To tease out more of the issue (still probably an errant nVidia or Intel call with the iGPU in use) you would need to install the Debugging Tools for Windows debugger from the Win11 SDK / WDK [1] or the newer standalone packaging [2].

That coupled with a pull of LibreOffice build symbols [3] allows you to attach to the soffice.bin process while running and when it crashes capture the stack trace. Having the symbols available locally and linked (they take some time to download to your system) will isolate the faulting calls. They could be in the LibreOffice source, of the nVidia driver source, or the Intel driver source--but we'd be able to better see what is happening.

=-ref-=
[1] https://learn.microsoft.com/en-us/windows-hardware/drivers/debugger/debugger-download-tools
[2] https://learn.microsoft.com/en-us/windows-hardware/drivers/debugger/ 
[3] set the symbol path to "CACHE*C:\symbols64;SRV*https://dev-downloads.libreoffice.org/symstore/symbols;SRV*https://msdl.microsoft.com/download/symbols"
Comment 21 V Stuart Foote 2023-11-17 13:11:29 UTC
With windbg opened and the soffice.bin attached and running, issue a windbg console command to load the symbols ".reload /f" (it will take a while to download).

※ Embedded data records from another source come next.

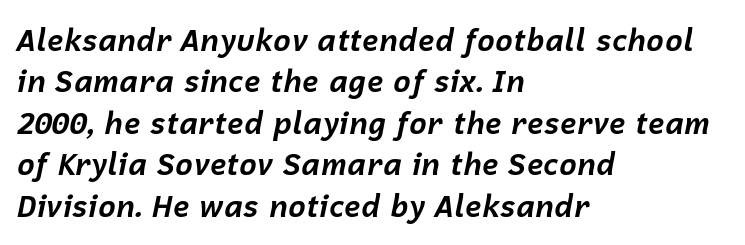
Q: Is the text bold? A: Yes.
Q: Is the text italic (slanted)? A: Yes, it leans right by about 12 degrees.
Q: Is the text underlined? A: No.
Q: How is the paragraph aligned? A: Left-aligned.
Q: Is the spacing between letters normal or unusually wide? A: Normal.
Q: Is the spacing between lines tight, normal or loose? A: Normal.
Q: Width (condensed, normal, or wide)? A: Normal.
Q: Stroke contrast? A: Low.
Q: x-height? A: Medium.
Q: Monospaced? A: No.

Then continue to run soffice.bin by issuing the "g" command. On crash/lockup you'd issue a "~* kp" command in the windbg console (any missing symbols will be added) and then the thread stack will dump to the windbg console.

The first thread segment of the listing will hold the faulting issue. Look it over and see if anything jumps out. You can run an "!analyze -v" to from windbg console for automated "feedback" on the event.

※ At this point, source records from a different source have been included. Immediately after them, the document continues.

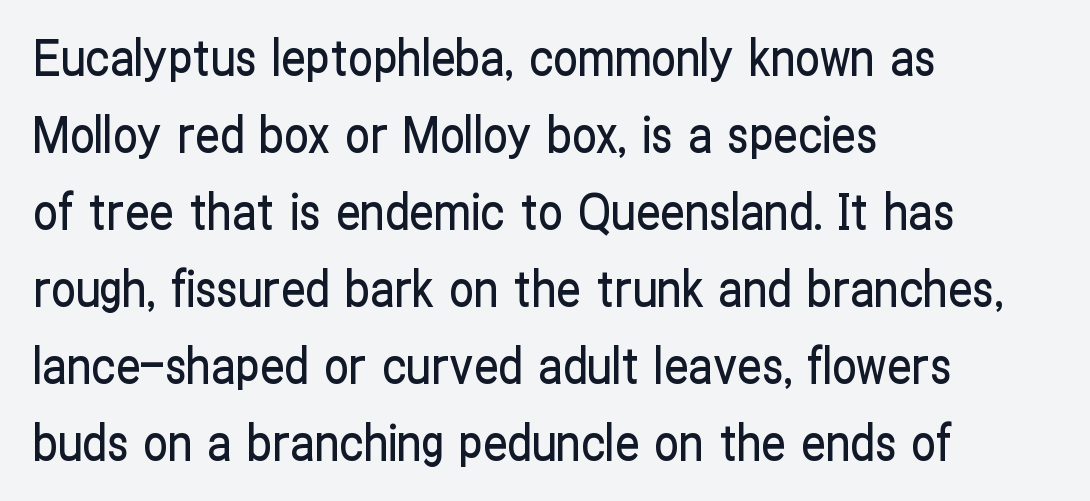
Italic: no, the glyphs are upright roman. Rule under the text: the space is simply empty. These lines stack with their left ends in a neat column. The typeface chosen for these lines omits serifs. Leading: standard.
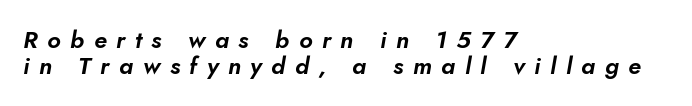
Q: Is the text italic (slanted)? A: Yes, it leans right by about 10 degrees.
Q: Is the text underlined? A: No.
Q: How is the paragraph aligned? A: Left-aligned.
Q: Is the spacing between letters normal or unusually wide? A: Unusually wide.
Q: Is the spacing between lines tight, normal or loose? A: Tight.

If not obvious what the fault is, save the windbg console content for both commands to a text file and then attach. The stack trace for the threads and the analyze output will include the symbol details (identify the line of the calling source, if the symbols are available, the Intel and nVidia symbols for their drivers won't be) and we'd know more precisely the issue.
Comment 22 Helmut Steiner 2023-11-20 13:57:34 UTC
I set up WinDbg and was working the whole day with debugging activated but so far no crash. I will post again if something shows up. 

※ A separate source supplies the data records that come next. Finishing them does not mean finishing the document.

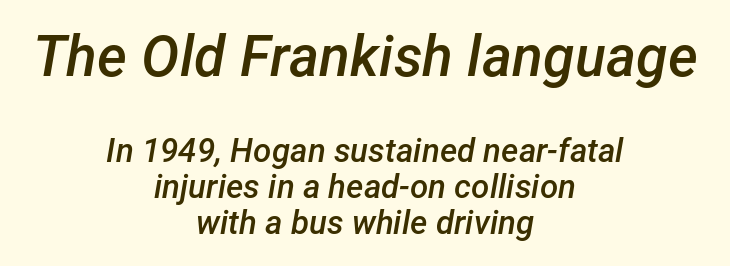
Q: Is the text bold? A: Semi-bold.
Q: Is the text italic (slanted)? A: Yes, it leans right by about 12 degrees.
Q: Is the text underlined? A: No.
Q: How is the paragraph aligned? A: Centered.
Q: Is the spacing between letters normal or unusually wide? A: Normal.
Q: Is the spacing between lines tight, normal or loose? A: Tight.
Q: Which block of text is set in a larger size, the first (top) or the second (bottom)? A: The first (top) one.
Q: Width (condensed, normal, or wide)? A: Normal.
Q: Stroke contrast? A: Low.
Q: x-height? A: Medium.
Q: Monospaced? A: No.

One thing that is visible is that I get hundreds of C++ errors (always the same one):
(15f0.570): C++ EH exception - code e06d7363 (first chance)
Comment 23 V Stuart Foote 2023-11-20 15:57:33 UTC
(In reply to me from comment #22)
> I set up WinDbg and was working the whole day with debugging activated but
> so far no crash. I will post again if something shows up. 
> 
> One thing that is visible is that I get hundreds of C++ errors (always the
> same one):
> (15f0.570): C++ EH exception - code e06d7363 (first chance)

Good!

Since it is a "first chance" and doesn't crash "second chance", likely the error is resolved under debug internal to the module throwing it (could be LO, could be os, could be driver). Annoying but you'd have to really dig in with windbg to tease out a recurring first chance issue(s). Far more than we're asking...

Just keep a lookout for the sporadic crash. You could even reenable the OpenCL to see if it is nVidia call or an Intel call for OpenCL hw that is faulting and post those details.
Comment 24 Helmut Steiner 2023-11-28 12:46:24 UTC
The issue might have been fixed by a driver update. I didn't have any crash in the last days even without the debugger activated. I will reactivate the OpenCL option just to see if the bluescreen is gone, too.